[Opening Data provided section]
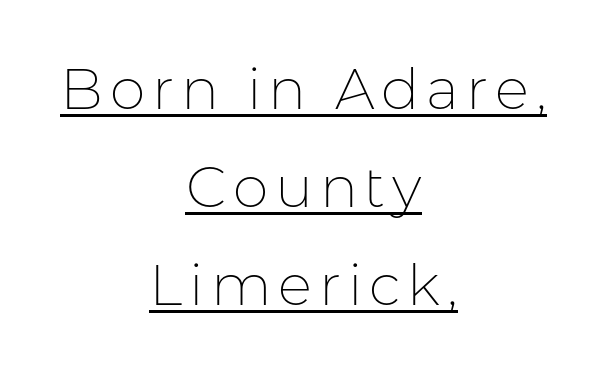
{"serif": "no", "italic": "no", "bold": "no", "weight": "thin", "width": "normal", "stroke_contrast": "low", "x_height": "medium", "monospaced": "no", "underline": "yes", "align": "center", "line_spacing_ratio": 1.72, "glyph_px": 57}
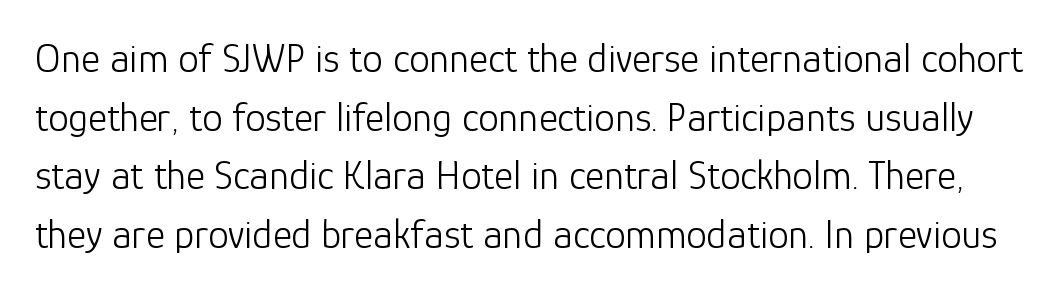
This sample uses plain, unmodified letter spacing. Note the varied advance widths — an 'i' is clearly narrower than an 'm'. Baseline-to-baseline distance is the conventional proportion of letter height. The font sits on the lighter half of the weight spectrum, regular included. Serif or sans? Sans — the stroke terminals are bare. Underline: absent.
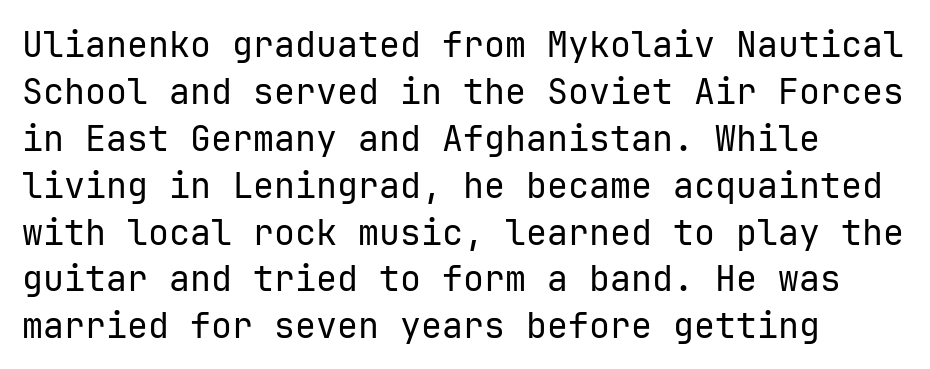
{"serif": "no", "italic": "no", "bold": "no", "weight": "regular", "width": "normal", "stroke_contrast": "low", "x_height": "medium", "monospaced": "yes", "underline": "no", "line_spacing": "normal", "line_spacing_ratio": 1.34, "letter_spacing": "normal", "letter_spacing_em": 0.0, "glyph_px": 35}
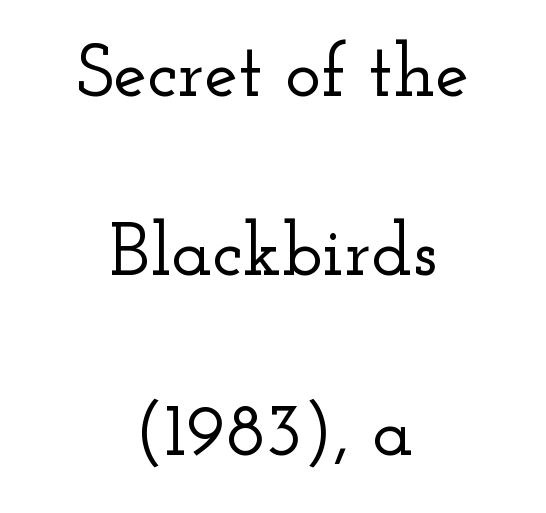
A student would call this center alignment; a typographer would say set centered. Quick note: not italic, upright. Lines of text with bare space underneath. Is this a sans? No — the strokes have serifs. Caption: standard tracking, unaltered. Do the characters align in a grid? No, the font is proportional.
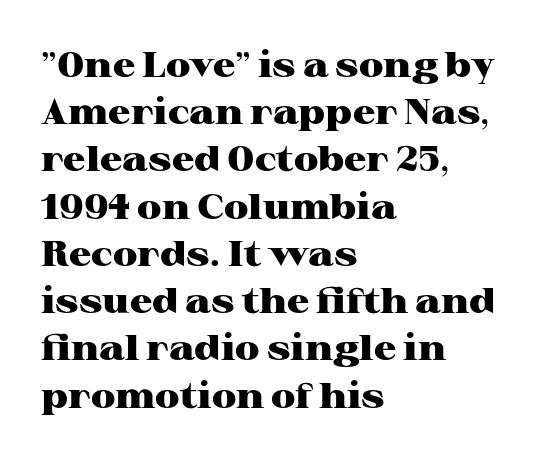
{"serif": "yes", "italic": "no", "bold": "yes", "weight": "heavy", "width": "wide", "stroke_contrast": "high", "x_height": "medium", "monospaced": "no", "underline": "no", "align": "left", "line_spacing": "normal", "line_spacing_ratio": 1.35, "letter_spacing": "normal", "letter_spacing_em": 0.0, "glyph_px": 35}
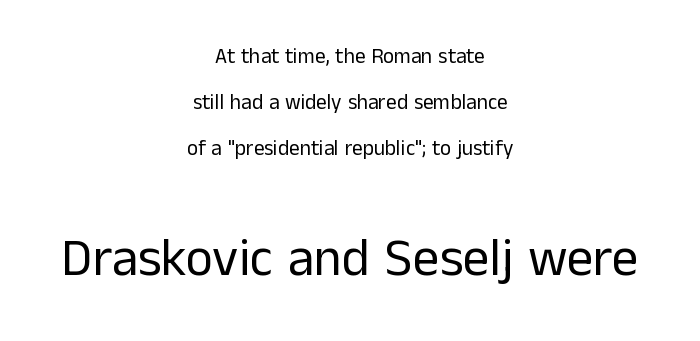
{"serif": "no", "italic": "no", "bold": "no", "weight": "regular", "width": "normal", "stroke_contrast": "low", "x_height": "medium", "monospaced": "no", "underline": "no", "align": "center", "line_spacing": "loose", "line_spacing_ratio": 2.19, "letter_spacing": "normal", "letter_spacing_em": 0.0, "larger_block": "second", "size_ratio": 2.52, "glyph_px": 53}
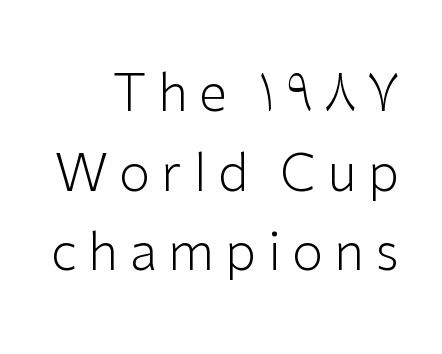
The image shows 51 px light sans-serif type, upright; set normal line spacing (1.56x), unusually wide letter spacing (+0.22 em), not underlined; low stroke contrast and a medium x-height.
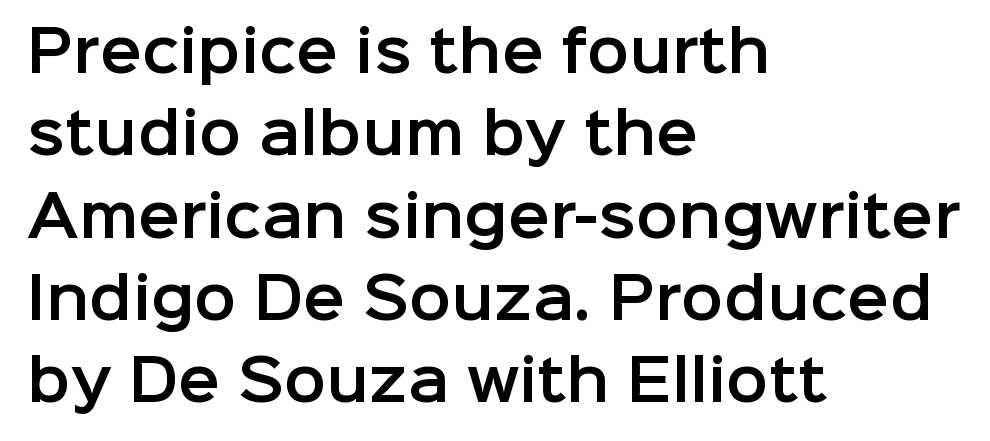
Line spacing here is normal. Visually the block forms a straight wall on the left and a jagged coastline on the right. The gaps between neighbouring characters are ordinary and unremarkable. This is roman type, the default non-slanted kind.
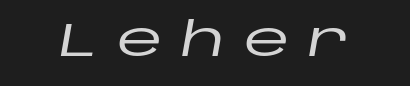
The image shows 47 px wide type, italic (leaning right); set unusually wide letter spacing (+0.39 em), not underlined; low stroke contrast and a large x-height.
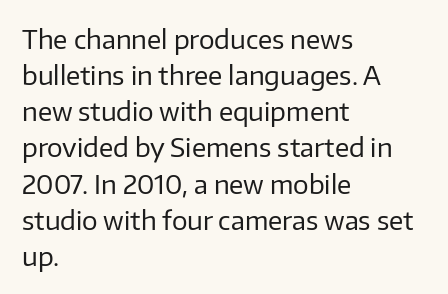
{"italic": "no", "bold": "no", "underline": "no", "align": "left", "line_spacing": "normal", "line_spacing_ratio": 1.39, "letter_spacing": "normal", "letter_spacing_em": 0.0, "glyph_px": 26}
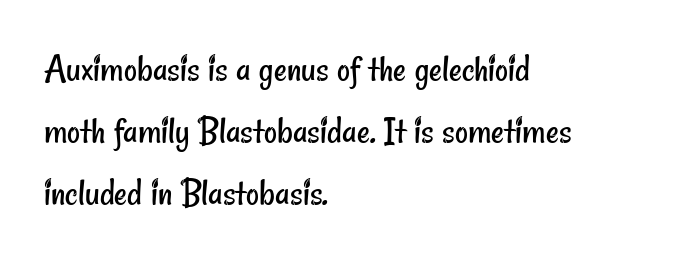
Q: Is the text bold? A: No.
Q: Is the typeface a serif or a sans-serif typeface? A: Sans-serif.
Q: Is the text underlined? A: No.
Q: How is the paragraph aligned? A: Left-aligned.
Q: Is the spacing between letters normal or unusually wide? A: Normal.
Q: Is the spacing between lines tight, normal or loose? A: Normal.
Q: Width (condensed, normal, or wide)? A: Condensed.
Q: Stroke contrast? A: Low.
Q: x-height? A: Small.
Q: Monospaced? A: No.
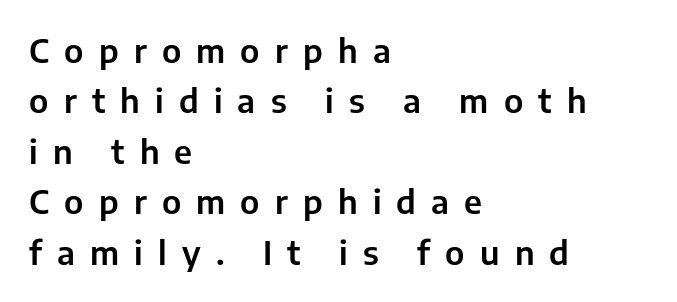
The image shows 33 px sans-serif type, upright; set left-aligned, normal line spacing (1.53x), unusually wide letter spacing (+0.46 em), not underlined; low stroke contrast and a medium x-height.
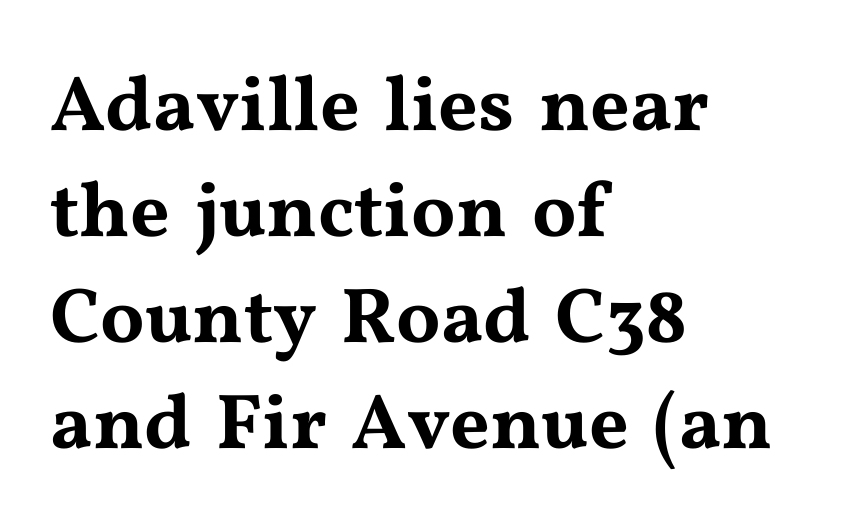
Q: Is the text italic (slanted)? A: No, it is upright.
Q: Is the typeface a serif or a sans-serif typeface? A: Serif.
Q: Is the text underlined? A: No.
Q: How is the paragraph aligned? A: Left-aligned.
Q: Is the spacing between letters normal or unusually wide? A: Normal.
Q: Is the spacing between lines tight, normal or loose? A: Normal.
Q: Width (condensed, normal, or wide)? A: Wide.
Q: Stroke contrast? A: Medium.
Q: x-height? A: Medium.
Q: Monospaced? A: No.
[Closing Data provided section]
* **Work order**: Copy out all the data exactly. No images belong in the copy.

* **Solution for this problem**:
{"serif": "no", "italic": "no", "bold": "no", "weight": "thin", "width": "normal", "stroke_contrast": "low", "x_height": "medium", "monospaced": "no", "underline": "yes", "align": "center", "line_spacing_ratio": 1.72, "glyph_px": 57}
This sample uses plain, unmodified letter spacing. Note the varied advance widths — an 'i' is clearly narrower than an 'm'. Baseline-to-baseline distance is the conventional proportion of letter height. The font sits on the lighter half of the weight spectrum, regular included. Serif or sans? Sans — the stroke terminals are bare. Underline: absent.
{"serif": "no", "italic": "no", "bold": "no", "weight": "regular", "width": "normal", "stroke_contrast": "low", "x_height": "medium", "monospaced": "yes", "underline": "no", "line_spacing": "normal", "line_spacing_ratio": 1.34, "letter_spacing": "normal", "letter_spacing_em": 0.0, "glyph_px": 35}
A student would call this center alignment; a typographer would say set centered. Quick note: not italic, upright. Lines of text with bare space underneath. Is this a sans? No — the strokes have serifs. Caption: standard tracking, unaltered. Do the characters align in a grid? No, the font is proportional.
{"serif": "yes", "italic": "no", "bold": "yes", "weight": "heavy", "width": "wide", "stroke_contrast": "high", "x_height": "medium", "monospaced": "no", "underline": "no", "align": "left", "line_spacing": "normal", "line_spacing_ratio": 1.35, "letter_spacing": "normal", "letter_spacing_em": 0.0, "glyph_px": 35}
{"serif": "no", "italic": "no", "bold": "no", "weight": "regular", "width": "normal", "stroke_contrast": "low", "x_height": "medium", "monospaced": "no", "underline": "no", "align": "center", "line_spacing": "loose", "line_spacing_ratio": 2.19, "letter_spacing": "normal", "letter_spacing_em": 0.0, "larger_block": "second", "size_ratio": 2.52, "glyph_px": 53}
The image shows 51 px light sans-serif type, upright; set normal line spacing (1.56x), unusually wide letter spacing (+0.22 em), not underlined; low stroke contrast and a medium x-height.
Line spacing here is normal. Visually the block forms a straight wall on the left and a jagged coastline on the right. The gaps between neighbouring characters are ordinary and unremarkable. This is roman type, the default non-slanted kind.
The image shows 47 px wide type, italic (leaning right); set unusually wide letter spacing (+0.39 em), not underlined; low stroke contrast and a large x-height.
{"italic": "no", "bold": "no", "underline": "no", "align": "left", "line_spacing": "normal", "line_spacing_ratio": 1.39, "letter_spacing": "normal", "letter_spacing_em": 0.0, "glyph_px": 26}
Q: Is the text bold? A: No.
Q: Is the typeface a serif or a sans-serif typeface? A: Sans-serif.
Q: Is the text underlined? A: No.
Q: How is the paragraph aligned? A: Left-aligned.
Q: Is the spacing between letters normal or unusually wide? A: Normal.
Q: Is the spacing between lines tight, normal or loose? A: Normal.
Q: Width (condensed, normal, or wide)? A: Condensed.
Q: Stroke contrast? A: Low.
Q: x-height? A: Small.
Q: Monospaced? A: No.
The image shows 33 px sans-serif type, upright; set left-aligned, normal line spacing (1.53x), unusually wide letter spacing (+0.46 em), not underlined; low stroke contrast and a medium x-height.
Q: Is the text italic (slanted)? A: No, it is upright.
Q: Is the typeface a serif or a sans-serif typeface? A: Serif.
Q: Is the text underlined? A: No.
Q: How is the paragraph aligned? A: Left-aligned.
Q: Is the spacing between letters normal or unusually wide? A: Normal.
Q: Is the spacing between lines tight, normal or loose? A: Normal.
Q: Width (condensed, normal, or wide)? A: Wide.
Q: Stroke contrast? A: Medium.
Q: x-height? A: Medium.
Q: Monospaced? A: No.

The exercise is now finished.